It's been years since Marie Antoon lived in Greenwood, but she says the town remains "a vivid part of who I am."
Antoon now is executive director of Mississippi Broadcasting Networks, which includes a statewide public television network, Public Radio in Mississippi and the Radio Reading Service of Mississippi.
She oversees a staff of more than 150 people and is responsible for an annual operating budget of more than $12.7 million.
She and her husband live in Oxford, but she gets back to this part of the state often to visit family and friends, drive on two-lane roads and enjoy the atmosphere.
"I still drive through the Delta and just fall in love with the landscape," she said.

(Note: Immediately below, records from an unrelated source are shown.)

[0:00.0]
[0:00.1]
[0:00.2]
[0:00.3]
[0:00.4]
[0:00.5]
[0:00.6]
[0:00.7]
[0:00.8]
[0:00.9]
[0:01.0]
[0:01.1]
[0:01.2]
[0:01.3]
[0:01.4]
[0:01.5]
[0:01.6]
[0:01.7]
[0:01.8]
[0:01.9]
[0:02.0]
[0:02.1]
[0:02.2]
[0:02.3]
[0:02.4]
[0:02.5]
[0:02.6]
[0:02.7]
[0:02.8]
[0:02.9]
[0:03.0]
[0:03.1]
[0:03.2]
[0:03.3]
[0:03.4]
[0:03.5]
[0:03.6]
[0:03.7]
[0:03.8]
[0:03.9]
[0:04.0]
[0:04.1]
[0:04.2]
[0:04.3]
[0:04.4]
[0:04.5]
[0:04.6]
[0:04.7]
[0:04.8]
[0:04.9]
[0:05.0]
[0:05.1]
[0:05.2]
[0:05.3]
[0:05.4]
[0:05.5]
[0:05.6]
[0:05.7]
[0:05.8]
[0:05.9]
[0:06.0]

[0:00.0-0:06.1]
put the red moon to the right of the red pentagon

Antoon, 48, was born in Clarksdale, and her family moved to Greenwood six months later.
Her father, Asper Antoon, grew up in Greenwood and graduated from Greenwood High School. Among the many other relatives nearby were her grandparents, Rose and Farris Antoon, who ran a local grocery store.

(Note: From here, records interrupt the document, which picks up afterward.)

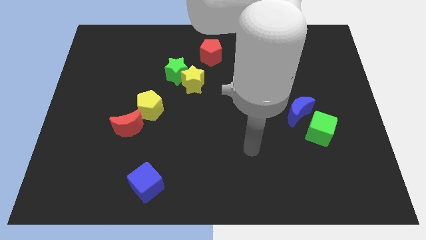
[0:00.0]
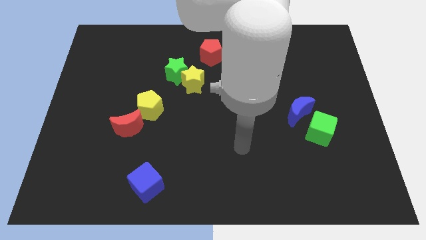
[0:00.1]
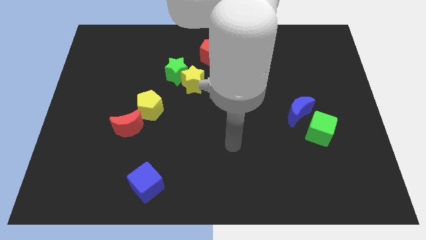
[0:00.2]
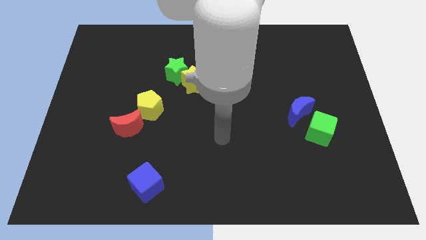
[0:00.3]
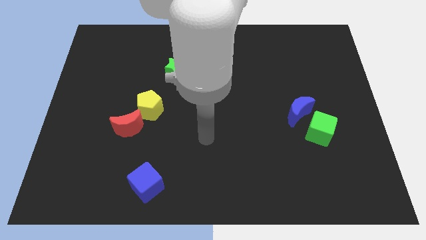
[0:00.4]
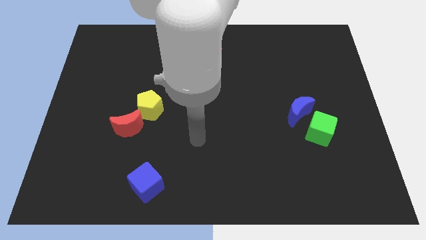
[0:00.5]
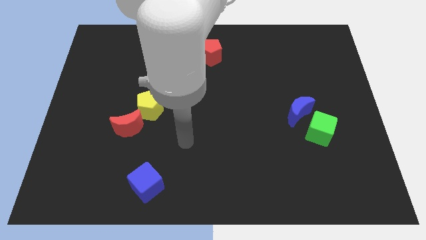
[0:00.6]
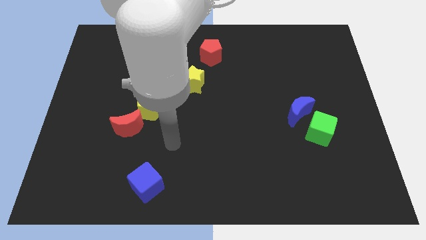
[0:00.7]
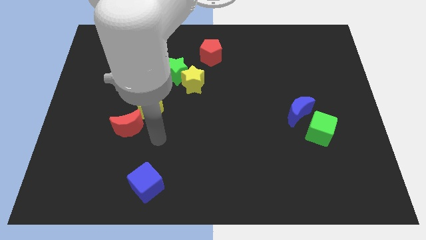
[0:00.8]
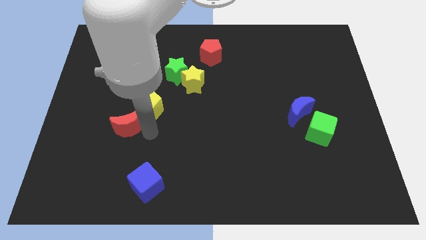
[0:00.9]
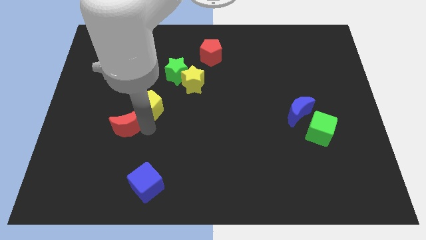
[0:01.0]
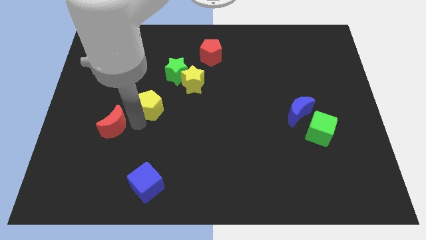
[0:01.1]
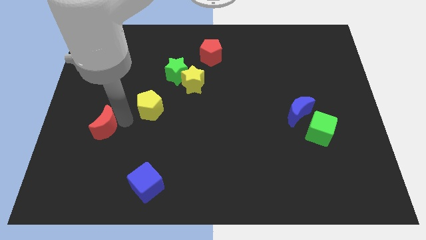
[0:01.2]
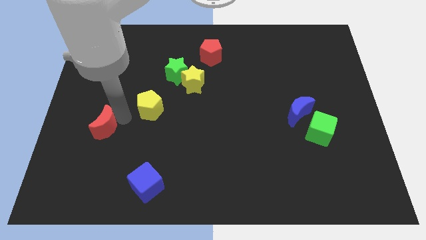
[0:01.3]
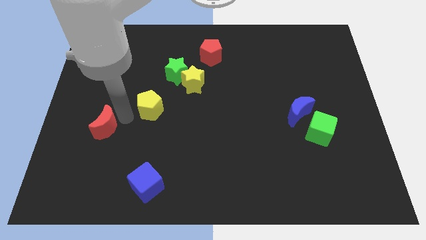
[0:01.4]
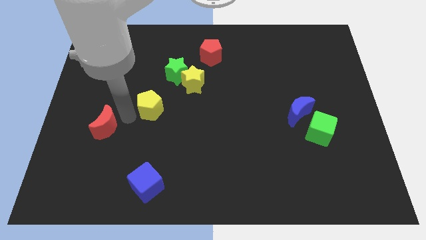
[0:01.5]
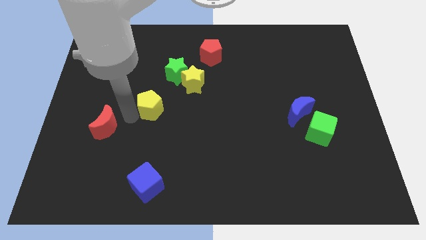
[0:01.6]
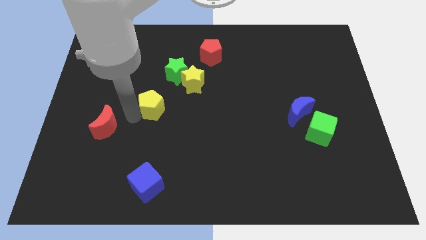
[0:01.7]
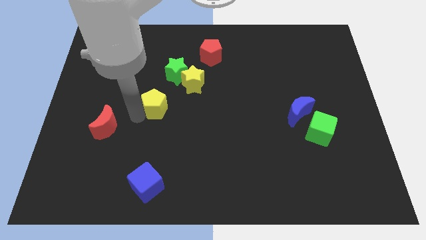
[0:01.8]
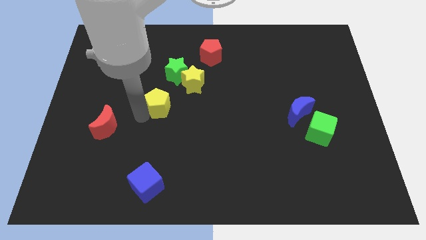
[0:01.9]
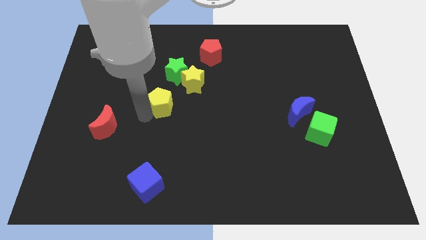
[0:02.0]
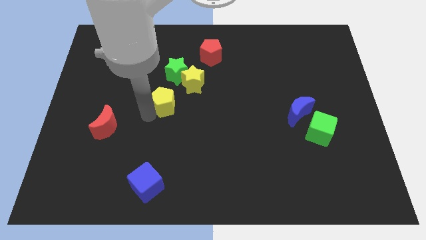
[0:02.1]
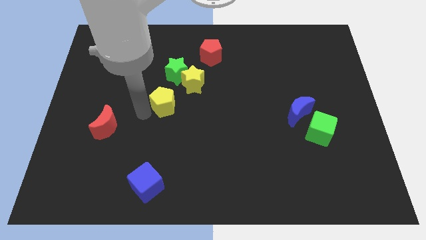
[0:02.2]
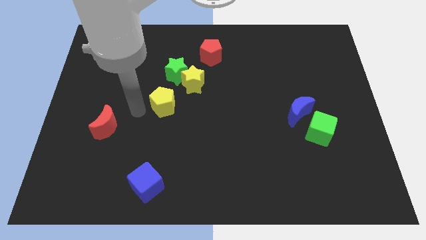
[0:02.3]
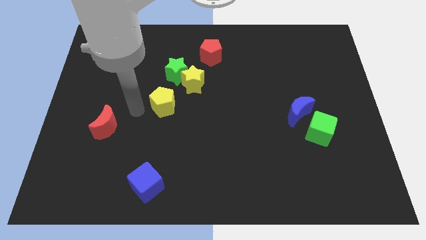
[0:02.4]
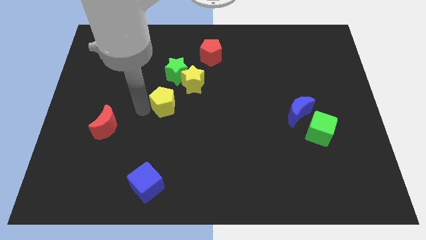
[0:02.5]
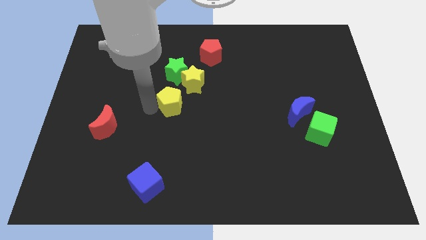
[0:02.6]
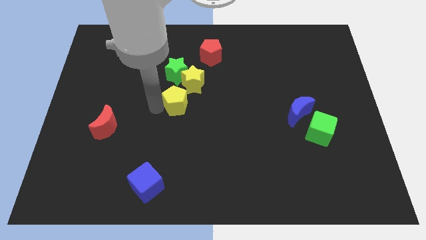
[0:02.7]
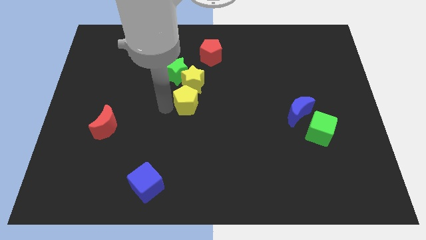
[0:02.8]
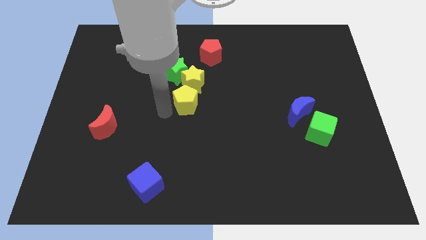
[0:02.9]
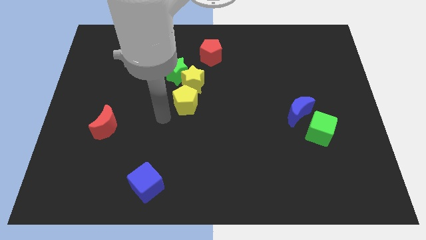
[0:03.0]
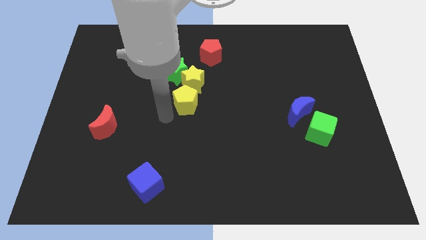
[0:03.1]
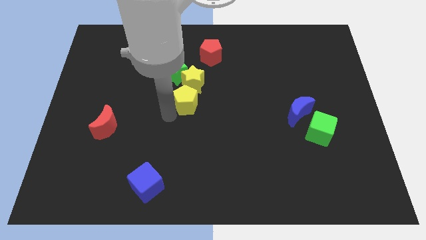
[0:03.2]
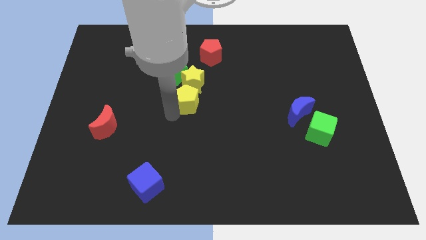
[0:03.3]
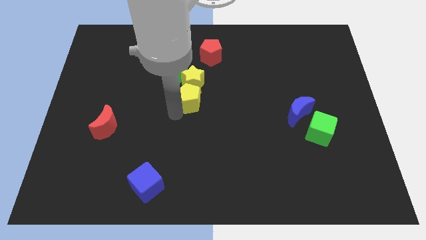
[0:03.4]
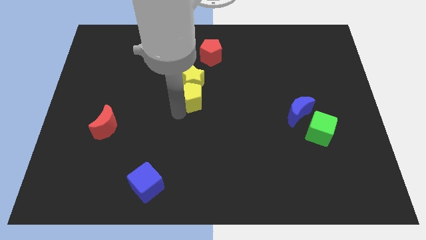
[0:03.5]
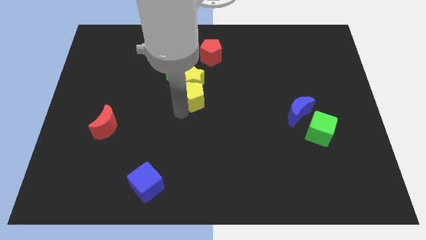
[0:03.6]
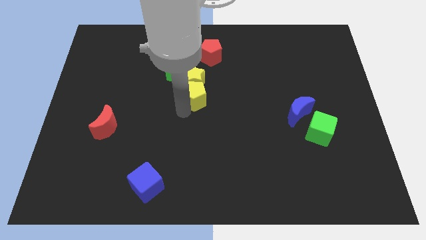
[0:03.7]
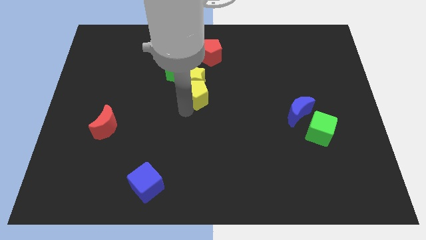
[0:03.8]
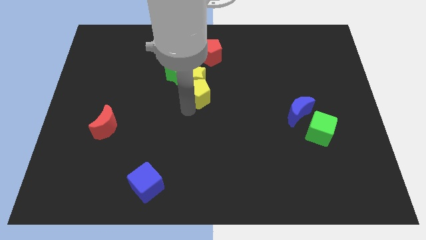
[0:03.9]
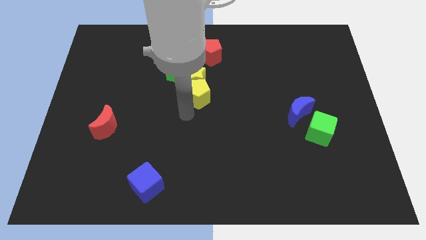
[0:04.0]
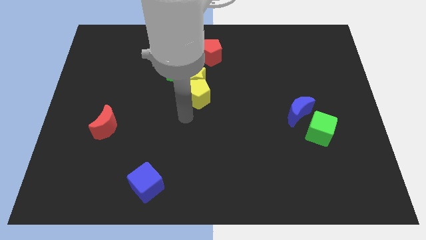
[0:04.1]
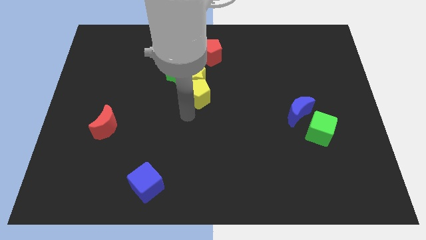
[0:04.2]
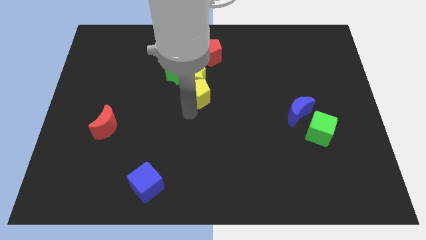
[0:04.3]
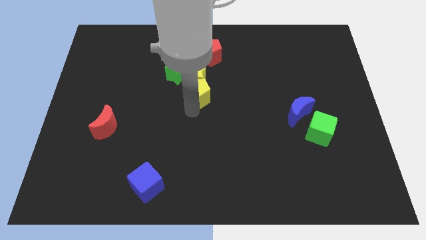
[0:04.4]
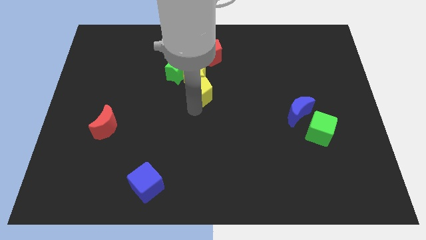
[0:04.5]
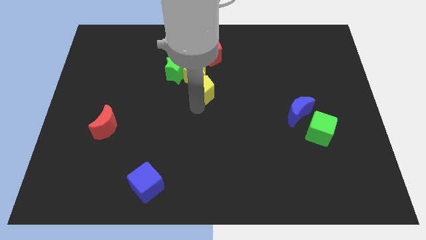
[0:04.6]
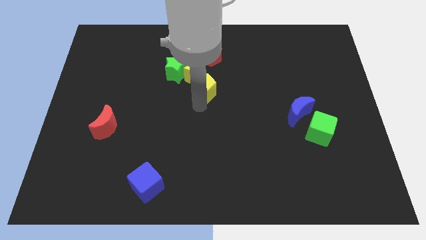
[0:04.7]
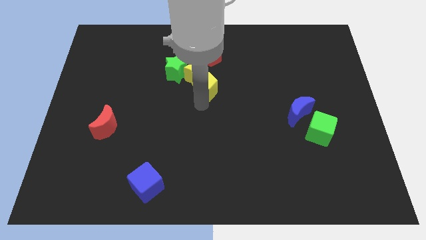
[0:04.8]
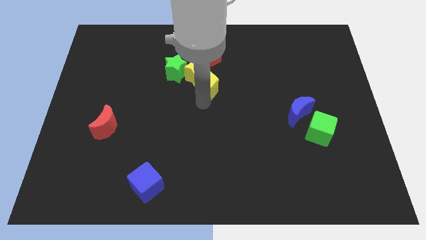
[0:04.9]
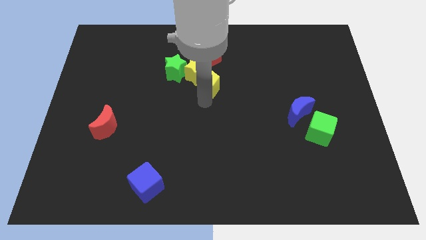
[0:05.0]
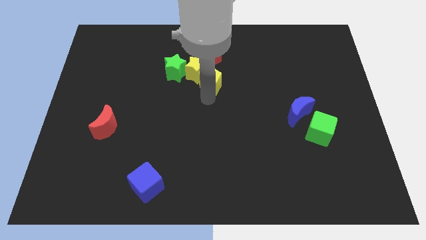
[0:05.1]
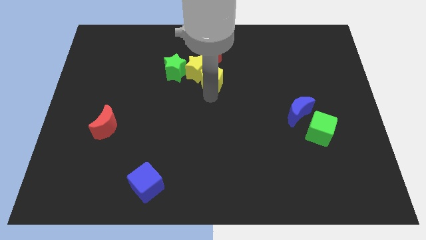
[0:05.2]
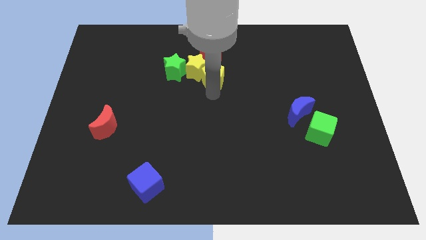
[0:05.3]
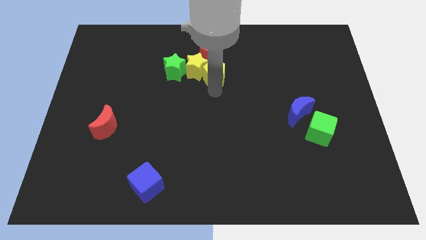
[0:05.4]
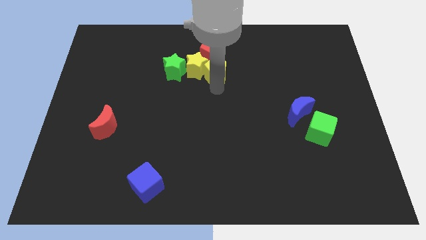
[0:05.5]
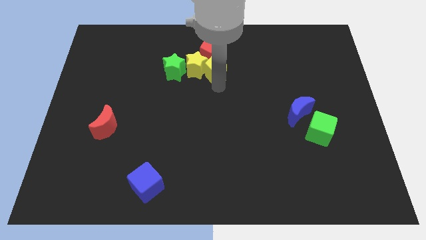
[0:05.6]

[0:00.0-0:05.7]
push the yellow pentagon next to the red pentagon

Antoon said living in Greenwood shaped her perspective on life and gave her "a broader vision of what our world is about," in part because she was exposed to different cultures.
Many think of Greenwood's population as blacks and whites, but she grew up in a multicultural environment that included Lebanese, Chinese and Italian people.
"People just don't recognize how culturally important, and diverse, and just rich that little town is," she said.
Another landmark close to her is the former Hotel Irving, now The Alluvian, which was in her family before being sold to Viking Range Corp.
She said she was able to meet the architect for The Alluvian and toured the hotel before it opened. "It's just fantastic," she said. "People in Oxford, where I live, talk about it a lot."
Growing up, Antoon read a lot and developed a need to explain things. She said she knew from an early age that she wanted to create radio and TV programming.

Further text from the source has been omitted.